■ Dataset excerpts ■
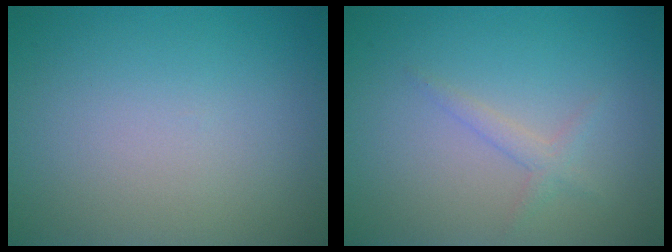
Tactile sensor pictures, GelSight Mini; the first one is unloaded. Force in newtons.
{"total": 1.3, "press": 1.3, "slide": 0.1}
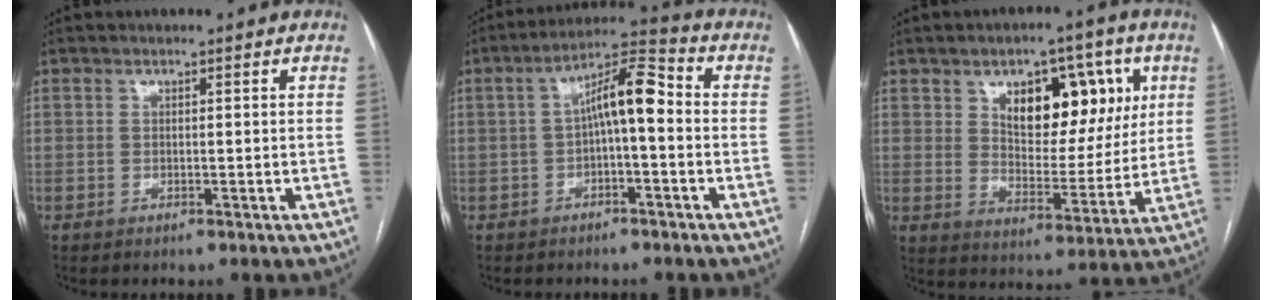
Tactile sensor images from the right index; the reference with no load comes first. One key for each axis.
{"total": 8.1, "fx": -0.2, "fy": 1.2, "fz": 8.0, "tx": -0.137, "ty": 0.034, "tz": -0.007}
{"total": 13.4, "fx": 5.4, "fy": 6.8, "fz": 10.3, "tx": -0.138, "ty": 0.015, "tz": 0.090}
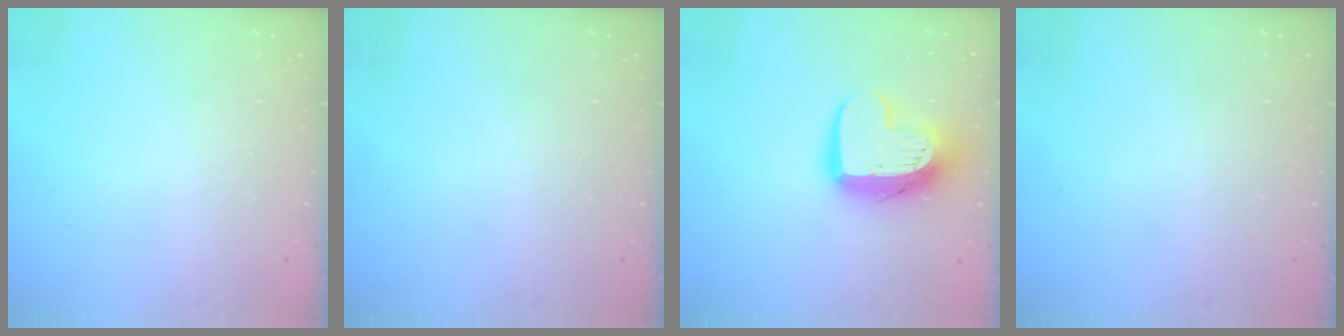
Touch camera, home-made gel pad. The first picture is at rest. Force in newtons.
{"total": 0.0}
{"total": 13.9, "press": 13.9, "slide": 1.0}
{"total": 0.0}
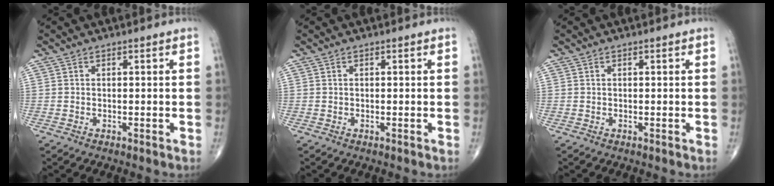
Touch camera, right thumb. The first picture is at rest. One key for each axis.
{"total": 0.0}
{"total": 0.0}
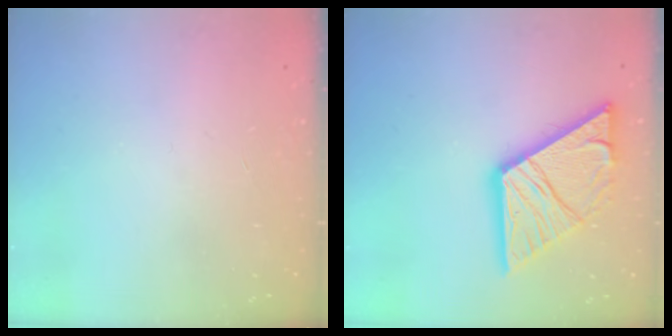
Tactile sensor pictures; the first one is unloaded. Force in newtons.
{"total": 20.1, "press": 20.0, "slide": 2.1}
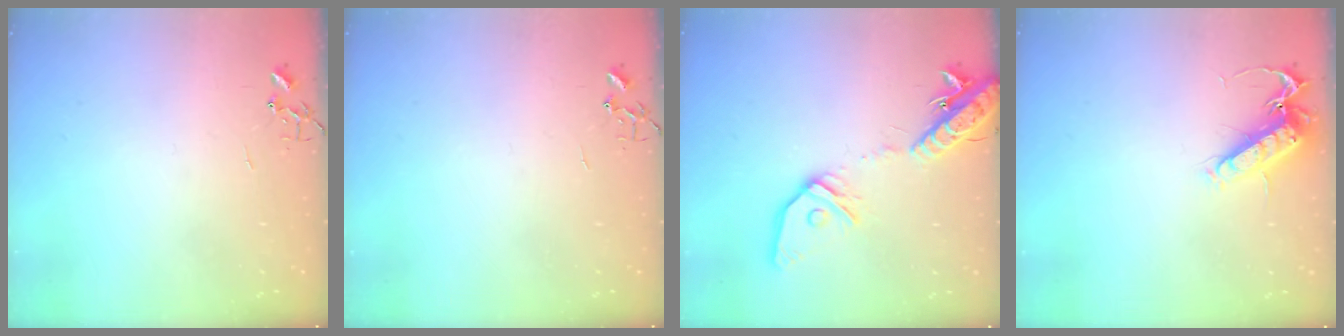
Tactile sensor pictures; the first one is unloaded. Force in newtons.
{"total": 0.0}
{"total": 18.0, "press": 17.6, "slide": 3.9}
{"total": 14.1, "press": 13.9, "slide": 1.9}
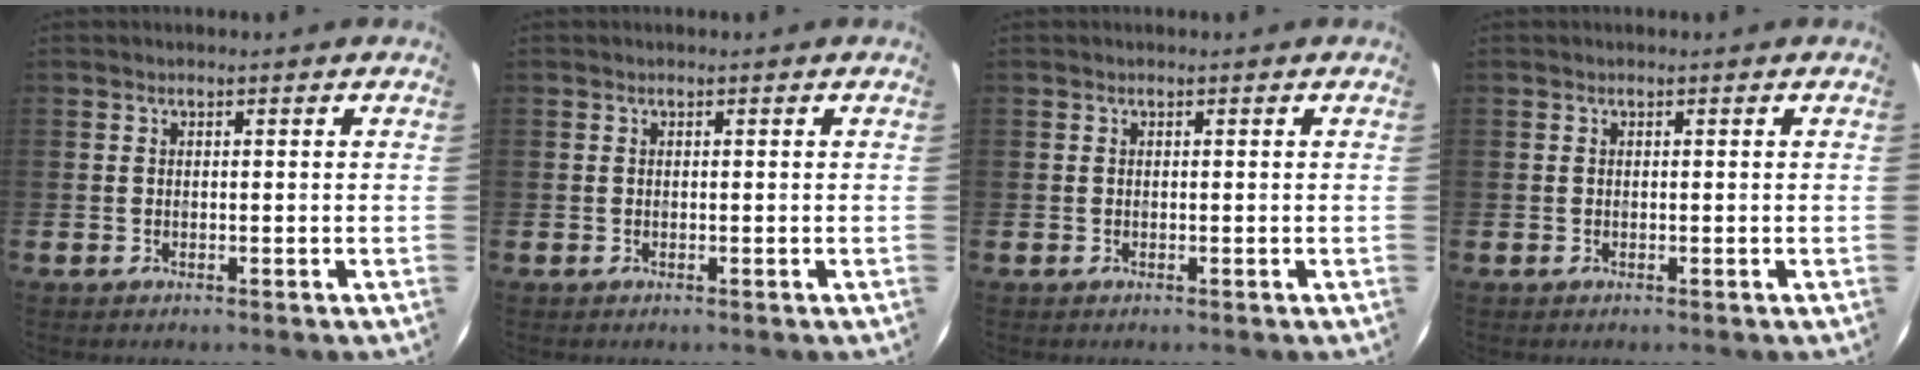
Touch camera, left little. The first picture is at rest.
{"total": 0.0}
{"total": 0.0}
{"total": 0.0}

■ Problem to work on ■
Print each record exactly as it stands, leaving the images out.

■ Answer to this exercise ■
Tactile sensor pictures, GelSight Mini; the first one is unloaded. Force in newtons.
{"total": 1.3, "press": 1.3, "slide": 0.1}
Tactile sensor images from the right index; the reference with no load comes first. One key for each axis.
{"total": 8.1, "fx": -0.2, "fy": 1.2, "fz": 8.0, "tx": -0.137, "ty": 0.034, "tz": -0.007}
{"total": 13.4, "fx": 5.4, "fy": 6.8, "fz": 10.3, "tx": -0.138, "ty": 0.015, "tz": 0.090}
Touch camera, home-made gel pad. The first picture is at rest. Force in newtons.
{"total": 0.0}
{"total": 13.9, "press": 13.9, "slide": 1.0}
{"total": 0.0}
Touch camera, right thumb. The first picture is at rest. One key for each axis.
{"total": 0.0}
{"total": 0.0}
Tactile sensor pictures; the first one is unloaded. Force in newtons.
{"total": 20.1, "press": 20.0, "slide": 2.1}
Tactile sensor pictures; the first one is unloaded. Force in newtons.
{"total": 0.0}
{"total": 18.0, "press": 17.6, "slide": 3.9}
{"total": 14.1, "press": 13.9, "slide": 1.9}
Touch camera, left little. The first picture is at rest.
{"total": 0.0}
{"total": 0.0}
{"total": 0.0}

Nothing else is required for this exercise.